Gets the words of the first language, some words of the acquired first language, and extracted based on the information about the frequency of use of words, the part of the words of the extracted first language Stored as vocabulary information specialized in the first language,
The second retrieves the words of the language, some of the words of the acquired second language, and extracted based on the information about the frequency of use of words, extracted the part of the words of the second language Store as second language specialized vocabulary information,
The language recognition method according to claim 10, wherein a specialized language update process is executed.

A language recognition program for recognizing the language of voices emitted,
An information processing device including a processor and a memory,
A voice acquisition process that acquires voice,
A first language that generates a first language general translation phrase that is a word of the first language corresponding to the acquired voice, based on first language general vocabulary information that is information about the first vocabulary in the first language. General translation processing,
A first language specialized translation phrase, which is a word in the first language corresponding to the acquired voice, is generated based on first language specialized vocabulary information that is information about a second vocabulary in the first language. Language specialized translation processing,
A first corresponding section calculation process for extracting a first language corresponding portion which is a mutually corresponding portion between the generated first language general translation phrase and the generated first language specialized translation phrase;
A second language that generates a second language general translation phrase that is a word of the second language corresponding to the acquired voice, based on second language general vocabulary information that is information about the third vocabulary in the second language. General translation processing,
A second language specialized translation phrase, which is a word in the second language corresponding to the acquired voice, is generated based on second language specialized vocabulary information that is information about a fourth vocabulary in the second language. Language specialized translation processing,
A second corresponding section calculation process for extracting a second language corresponding portion which is a mutually corresponding portion between the generated second language general translation phrase and the generated second language specialized translation phrase;
A language identification process for specifying the language of the acquired voice based on the extracted first language corresponding part and the extracted second language corresponding part;
A language recognition program that executes.

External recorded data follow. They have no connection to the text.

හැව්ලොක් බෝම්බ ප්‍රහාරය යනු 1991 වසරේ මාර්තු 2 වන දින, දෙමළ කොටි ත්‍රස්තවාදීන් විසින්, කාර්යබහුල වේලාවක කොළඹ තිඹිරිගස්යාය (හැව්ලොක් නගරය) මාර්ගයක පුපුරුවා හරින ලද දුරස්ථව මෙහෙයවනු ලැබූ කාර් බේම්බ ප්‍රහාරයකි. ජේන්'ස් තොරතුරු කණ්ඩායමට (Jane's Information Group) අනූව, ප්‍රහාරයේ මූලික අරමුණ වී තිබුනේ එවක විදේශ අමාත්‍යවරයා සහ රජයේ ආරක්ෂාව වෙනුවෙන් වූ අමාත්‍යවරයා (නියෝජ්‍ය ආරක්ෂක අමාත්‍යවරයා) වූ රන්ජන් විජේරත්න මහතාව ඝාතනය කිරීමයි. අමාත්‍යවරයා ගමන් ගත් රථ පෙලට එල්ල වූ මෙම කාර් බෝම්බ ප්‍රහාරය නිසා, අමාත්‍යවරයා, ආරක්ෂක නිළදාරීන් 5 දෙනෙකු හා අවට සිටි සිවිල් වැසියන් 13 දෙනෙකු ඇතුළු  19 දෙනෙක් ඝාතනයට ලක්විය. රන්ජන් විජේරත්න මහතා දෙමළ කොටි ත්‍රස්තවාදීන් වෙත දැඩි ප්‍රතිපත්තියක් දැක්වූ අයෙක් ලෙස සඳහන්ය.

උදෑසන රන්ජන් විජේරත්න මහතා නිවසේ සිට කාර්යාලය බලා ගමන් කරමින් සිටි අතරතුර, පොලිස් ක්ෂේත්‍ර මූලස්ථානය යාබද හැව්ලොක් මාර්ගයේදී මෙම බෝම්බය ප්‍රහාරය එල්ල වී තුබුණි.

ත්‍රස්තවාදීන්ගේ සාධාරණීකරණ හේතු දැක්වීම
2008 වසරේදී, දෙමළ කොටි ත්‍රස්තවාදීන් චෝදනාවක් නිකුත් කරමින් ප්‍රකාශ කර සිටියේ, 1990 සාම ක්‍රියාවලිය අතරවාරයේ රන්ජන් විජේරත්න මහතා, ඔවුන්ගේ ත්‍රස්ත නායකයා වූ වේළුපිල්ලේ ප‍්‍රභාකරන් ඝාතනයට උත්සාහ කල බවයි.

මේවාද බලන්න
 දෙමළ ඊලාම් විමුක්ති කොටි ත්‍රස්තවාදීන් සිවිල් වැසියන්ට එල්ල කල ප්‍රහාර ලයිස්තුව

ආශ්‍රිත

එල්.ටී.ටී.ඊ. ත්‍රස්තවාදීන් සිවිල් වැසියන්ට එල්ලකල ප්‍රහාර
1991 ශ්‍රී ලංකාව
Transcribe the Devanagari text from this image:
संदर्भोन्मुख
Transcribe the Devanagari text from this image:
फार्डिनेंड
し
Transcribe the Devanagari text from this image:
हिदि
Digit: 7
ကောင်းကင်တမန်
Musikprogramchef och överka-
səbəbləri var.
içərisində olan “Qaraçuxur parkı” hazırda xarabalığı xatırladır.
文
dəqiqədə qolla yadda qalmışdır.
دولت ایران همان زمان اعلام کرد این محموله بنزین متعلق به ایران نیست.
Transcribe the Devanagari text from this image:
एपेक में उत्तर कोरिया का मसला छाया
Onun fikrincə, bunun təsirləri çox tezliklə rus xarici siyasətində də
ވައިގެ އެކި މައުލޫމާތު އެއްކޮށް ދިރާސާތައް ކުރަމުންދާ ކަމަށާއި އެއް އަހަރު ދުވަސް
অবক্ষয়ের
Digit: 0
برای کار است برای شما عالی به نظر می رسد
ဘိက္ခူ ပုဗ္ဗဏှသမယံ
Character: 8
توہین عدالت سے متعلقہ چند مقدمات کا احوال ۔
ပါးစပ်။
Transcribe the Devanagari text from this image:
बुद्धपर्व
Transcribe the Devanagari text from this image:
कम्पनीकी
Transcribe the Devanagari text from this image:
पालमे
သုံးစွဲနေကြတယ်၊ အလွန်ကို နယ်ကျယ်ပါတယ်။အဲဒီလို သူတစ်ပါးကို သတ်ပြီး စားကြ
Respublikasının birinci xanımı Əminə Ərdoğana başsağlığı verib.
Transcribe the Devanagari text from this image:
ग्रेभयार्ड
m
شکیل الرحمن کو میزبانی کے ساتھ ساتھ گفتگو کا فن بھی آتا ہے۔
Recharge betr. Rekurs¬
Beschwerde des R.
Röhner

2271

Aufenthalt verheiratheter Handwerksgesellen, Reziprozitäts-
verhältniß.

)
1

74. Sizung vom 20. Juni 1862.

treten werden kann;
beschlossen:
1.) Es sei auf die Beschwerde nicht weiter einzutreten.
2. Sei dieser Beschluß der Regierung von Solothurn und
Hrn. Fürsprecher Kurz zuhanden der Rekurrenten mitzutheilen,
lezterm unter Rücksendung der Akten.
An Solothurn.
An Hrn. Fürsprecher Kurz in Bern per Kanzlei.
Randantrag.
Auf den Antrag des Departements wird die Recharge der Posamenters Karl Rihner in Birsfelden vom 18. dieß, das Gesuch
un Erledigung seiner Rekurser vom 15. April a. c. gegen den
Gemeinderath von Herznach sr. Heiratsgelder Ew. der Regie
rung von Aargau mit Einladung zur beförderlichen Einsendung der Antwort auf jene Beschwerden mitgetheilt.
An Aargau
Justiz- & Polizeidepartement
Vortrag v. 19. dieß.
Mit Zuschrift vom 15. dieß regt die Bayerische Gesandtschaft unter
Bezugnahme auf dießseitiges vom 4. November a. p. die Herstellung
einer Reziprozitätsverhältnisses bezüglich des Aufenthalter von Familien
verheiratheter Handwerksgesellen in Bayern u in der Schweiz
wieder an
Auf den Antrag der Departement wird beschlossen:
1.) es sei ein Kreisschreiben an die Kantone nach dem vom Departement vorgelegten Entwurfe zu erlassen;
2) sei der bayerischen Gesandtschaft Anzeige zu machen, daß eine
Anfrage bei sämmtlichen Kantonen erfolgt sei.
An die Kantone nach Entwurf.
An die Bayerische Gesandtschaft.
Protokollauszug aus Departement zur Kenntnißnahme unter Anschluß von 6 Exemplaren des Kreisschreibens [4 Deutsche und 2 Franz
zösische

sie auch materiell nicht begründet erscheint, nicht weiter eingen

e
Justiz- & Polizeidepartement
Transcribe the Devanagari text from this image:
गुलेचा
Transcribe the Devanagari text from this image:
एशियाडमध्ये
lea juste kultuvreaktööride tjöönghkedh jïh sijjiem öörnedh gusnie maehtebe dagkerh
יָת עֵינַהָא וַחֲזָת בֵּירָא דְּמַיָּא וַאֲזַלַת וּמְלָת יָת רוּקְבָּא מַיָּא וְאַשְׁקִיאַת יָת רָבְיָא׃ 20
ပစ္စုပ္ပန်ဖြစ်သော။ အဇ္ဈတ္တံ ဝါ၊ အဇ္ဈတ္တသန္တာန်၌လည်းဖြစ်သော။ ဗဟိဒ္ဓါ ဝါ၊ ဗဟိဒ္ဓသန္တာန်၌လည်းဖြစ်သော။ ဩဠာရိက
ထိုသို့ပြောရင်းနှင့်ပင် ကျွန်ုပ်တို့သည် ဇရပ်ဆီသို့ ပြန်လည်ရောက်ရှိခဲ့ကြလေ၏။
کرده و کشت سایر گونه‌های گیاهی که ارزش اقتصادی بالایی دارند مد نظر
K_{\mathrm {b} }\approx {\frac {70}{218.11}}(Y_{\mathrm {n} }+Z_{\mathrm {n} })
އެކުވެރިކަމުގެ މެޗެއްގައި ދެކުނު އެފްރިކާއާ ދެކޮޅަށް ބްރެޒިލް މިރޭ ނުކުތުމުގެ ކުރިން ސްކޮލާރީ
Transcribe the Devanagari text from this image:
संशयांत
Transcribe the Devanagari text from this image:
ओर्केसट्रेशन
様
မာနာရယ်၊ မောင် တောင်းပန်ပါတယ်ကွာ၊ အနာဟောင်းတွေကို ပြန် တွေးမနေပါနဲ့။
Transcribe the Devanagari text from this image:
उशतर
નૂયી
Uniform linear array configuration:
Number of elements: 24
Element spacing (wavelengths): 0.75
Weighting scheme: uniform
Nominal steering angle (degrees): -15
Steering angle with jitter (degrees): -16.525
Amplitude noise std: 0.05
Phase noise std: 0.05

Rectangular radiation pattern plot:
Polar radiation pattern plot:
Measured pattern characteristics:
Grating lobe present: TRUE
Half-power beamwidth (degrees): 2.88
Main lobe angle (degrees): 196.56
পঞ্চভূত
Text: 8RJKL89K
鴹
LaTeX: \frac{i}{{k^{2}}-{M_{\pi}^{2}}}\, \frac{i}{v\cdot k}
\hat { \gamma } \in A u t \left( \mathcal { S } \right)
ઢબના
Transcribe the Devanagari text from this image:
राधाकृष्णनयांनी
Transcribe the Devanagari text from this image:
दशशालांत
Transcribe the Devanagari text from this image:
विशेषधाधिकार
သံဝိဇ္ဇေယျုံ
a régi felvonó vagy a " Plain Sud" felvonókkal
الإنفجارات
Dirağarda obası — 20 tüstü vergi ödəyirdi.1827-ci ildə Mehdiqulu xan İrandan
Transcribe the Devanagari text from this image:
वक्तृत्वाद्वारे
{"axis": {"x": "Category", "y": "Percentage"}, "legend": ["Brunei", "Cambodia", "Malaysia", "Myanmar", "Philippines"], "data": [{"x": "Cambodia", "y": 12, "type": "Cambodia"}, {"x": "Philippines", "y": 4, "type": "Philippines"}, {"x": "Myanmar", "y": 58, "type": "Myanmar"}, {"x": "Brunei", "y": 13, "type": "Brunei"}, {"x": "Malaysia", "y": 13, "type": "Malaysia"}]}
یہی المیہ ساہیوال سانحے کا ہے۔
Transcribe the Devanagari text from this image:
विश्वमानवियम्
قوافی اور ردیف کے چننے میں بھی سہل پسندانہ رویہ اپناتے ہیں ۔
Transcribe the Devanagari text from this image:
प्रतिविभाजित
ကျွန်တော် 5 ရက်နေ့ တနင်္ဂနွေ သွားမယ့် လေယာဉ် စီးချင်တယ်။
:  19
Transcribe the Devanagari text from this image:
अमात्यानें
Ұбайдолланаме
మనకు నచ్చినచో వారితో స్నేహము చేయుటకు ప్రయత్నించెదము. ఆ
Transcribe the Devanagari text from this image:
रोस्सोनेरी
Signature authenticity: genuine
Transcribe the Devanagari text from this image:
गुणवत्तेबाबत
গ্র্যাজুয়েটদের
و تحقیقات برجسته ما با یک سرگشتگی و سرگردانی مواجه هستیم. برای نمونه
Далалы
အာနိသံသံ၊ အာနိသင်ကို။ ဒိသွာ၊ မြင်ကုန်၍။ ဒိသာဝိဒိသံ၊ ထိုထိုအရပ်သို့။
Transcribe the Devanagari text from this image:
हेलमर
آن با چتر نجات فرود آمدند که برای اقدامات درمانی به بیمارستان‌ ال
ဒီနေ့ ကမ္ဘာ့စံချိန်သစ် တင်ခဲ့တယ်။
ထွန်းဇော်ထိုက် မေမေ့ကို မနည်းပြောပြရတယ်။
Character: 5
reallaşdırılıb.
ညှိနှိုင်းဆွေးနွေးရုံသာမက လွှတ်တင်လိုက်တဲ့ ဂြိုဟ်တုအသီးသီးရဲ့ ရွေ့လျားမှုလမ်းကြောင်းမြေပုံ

In the first corresponding section calculation process, the first language corresponding portion is extracted based on the commonality between the character string representing the first language general translation phrase and the character string representing the first language specialized translation phrase,
The second corresponding section calculation process includes a process of extracting the second language corresponding part based on the commonality between a character string representing the second language general translation phrase and a character string representing the second language specialized translation phrase. Including,
The language recognition program according to claim 13.

Gets the words of the first language, some words of the acquired first language, and extracted based on the information about the frequency of use of words, the part of the words of the extracted first language Stored as vocabulary information specialized in the first language,
The second retrieves the words of the language, some of the words of the acquired second language, and extracted based on the information about the frequency of use of words, extracted the part of the words of the second language Store as second language specialized vocabulary information,
The language recognition program according to claim 13, which executes a specialized language update process.